Communicate openly and honestly to take people with you on your journey. Things may keep changing over the next few months. Our slow return to near-normality will not be seamless. Be prepared to roll with the punches and to change tack when necessary, explaining what’s happening as you go along. That way, your teams are more likely to accept your decisions. Keeping them out of the loop on the other hand leads to misunderstanding, fear and mistrust – none of which are foundations for a new culture.

Make wellbeing a priority. After what we’ve been through, it’s non-negotiable. Even if you think you’re doing well, the fact is that you’re having to cope with extra strains and worries that would not exist were it not for the pandemic. From a neuroscientific perspective, this is troubling for us.

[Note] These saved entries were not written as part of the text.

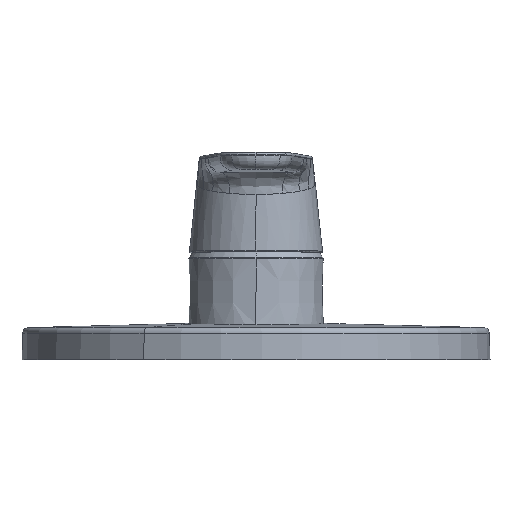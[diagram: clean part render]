
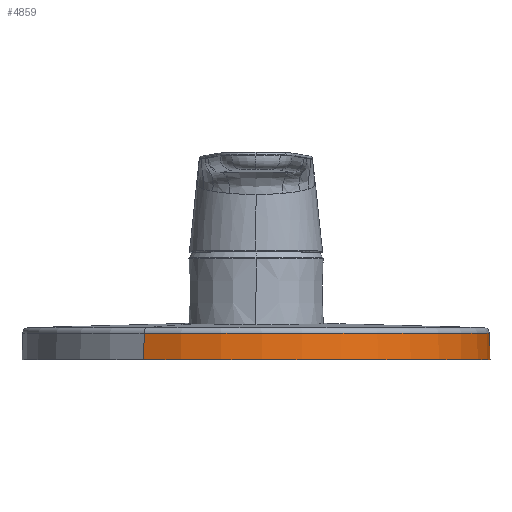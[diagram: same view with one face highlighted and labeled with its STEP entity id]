
A CAD part, front view. The second image highlights one B-rep face of the part: STEP entity #4859.
In plain terms, the highlighted conical face has half-angle 1.5 degrees and reference radius 84.697 mm.
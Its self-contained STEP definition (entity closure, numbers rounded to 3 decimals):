
#408 = CARTESIAN_POINT ( 'NONE',  ( 0., 0., 0.513 ) ) ;
#454 = DIRECTION ( 'NONE',  ( -0.479, -0.878, 0. ) ) ;
#460 = CIRCLE ( 'NONE', #3951, 84.745 ) ;
#848 = ORIENTED_EDGE ( 'NONE', *, *, #3397, .T. ) ;
#889 = LINE ( 'NONE', #5525, #6211 ) ;
#1529 = EDGE_CURVE ( 'NONE', #3169, #6505, #889, .T. ) ;
#1913 = VERTEX_POINT ( 'NONE', #6106 ) ;
#2232 = CARTESIAN_POINT ( 'NONE',  ( 40.629, 74.371, 10.24 ) ) ;
#2262 = CARTESIAN_POINT ( 'NONE',  ( -40.751, -74.595, 0.513 ) ) ;
#2286 = EDGE_CURVE ( 'NONE', #6505, #6065, #4266, .T. ) ;
#2923 = ORIENTED_EDGE ( 'NONE', *, *, #2286, .F. ) ;
#2985 = DIRECTION ( 'NONE',  ( 0., 0., -1. ) ) ;
#3169 = VERTEX_POINT ( 'NONE', #2232 ) ;
#3372 = ORIENTED_EDGE ( 'NONE', *, *, #4573, .T. ) ;
#3397 = EDGE_CURVE ( 'NONE', #3169, #1913, #460, .T. ) ;
#3564 = CARTESIAN_POINT ( 'NONE',  ( 0., 0., 12.103 ) ) ;
#3735 = AXIS2_PLACEMENT_3D ( 'NONE', #408, #2985, #4991 ) ;
#3951 = AXIS2_PLACEMENT_3D ( 'NONE', #5266, #5744, #4221 ) ;
#4086 = ORIENTED_EDGE ( 'NONE', *, *, #1529, .F. ) ;
#4221 = DIRECTION ( 'NONE',  ( -1., 0., 0. ) ) ;
#4266 = CIRCLE ( 'NONE', #3735, 85. ) ;
#4454 = LINE ( 'NONE', #6067, #4944 ) ;
#4573 = EDGE_CURVE ( 'NONE', #1913, #6065, #4454, .T. ) ;
#4714 = DIRECTION ( 'NONE',  ( 0.013, 0.023, -1. ) ) ;
#4859 = ADVANCED_FACE ( 'NONE', ( #6083 ), #4861, .T. ) ;
#4861 = CONICAL_SURFACE ( 'NONE', #5536, 84.696, 0.026 ) ;
#4944 = VECTOR ( 'NONE', #6556, 1000. ) ;
#4991 = DIRECTION ( 'NONE',  ( 0., -1., 0. ) ) ;
#5084 = DIRECTION ( 'NONE',  ( 0., 0., -1. ) ) ;
#5207 = EDGE_LOOP ( 'NONE', ( #4086, #848, #3372, #2923 ) ) ;
#5266 = CARTESIAN_POINT ( 'NONE',  ( 0., 0., 10.24 ) ) ;
#5525 = CARTESIAN_POINT ( 'NONE',  ( 40.606, 74.328, 12.103 ) ) ;
#5536 = AXIS2_PLACEMENT_3D ( 'NONE', #3564, #5084, #454 ) ;
#5744 = DIRECTION ( 'NONE',  ( 0., 0., -1. ) ) ;
#6065 = VERTEX_POINT ( 'NONE', #2262 ) ;
#6067 = CARTESIAN_POINT ( 'NONE',  ( -40.606, -74.328, 12.103 ) ) ;
#6083 = FACE_OUTER_BOUND ( 'NONE', #5207, .T. ) ;
#6106 = CARTESIAN_POINT ( 'NONE',  ( -40.629, -74.371, 10.24 ) ) ;
#6211 = VECTOR ( 'NONE', #4714, 1000. ) ;
#6382 = CARTESIAN_POINT ( 'NONE',  ( 40.751, 74.595, 0.513 ) ) ;
#6505 = VERTEX_POINT ( 'NONE', #6382 ) ;
#6556 = DIRECTION ( 'NONE',  ( -0.013, -0.023, -1. ) ) ;

We usually have up to 60,000 thoughts a day. With additional concerns and worries to cope with at the moment, these thoughts are more likely to produce the stress hormone cortisol. Too much of that and burnout can ensue. We all need more wellbeing support at the moment to help us process and unload before we get to that point. Check-in with your staff wellbeing regularly to understand how they’re feeling and what they need, and encourage them to come to Nabs for help.

People have had time to reflect on what environments and working patterns suit them, and that’s incredibly useful. Your job now is to use these insights to create what work looks like now and into the future. Embrace this opportunity. It’s interesting and exciting, and done well it can lead to a diversity of thought and experiences where people feel valued, supported and able to take on the challenges of work.

Surely that’s a culture worth creating.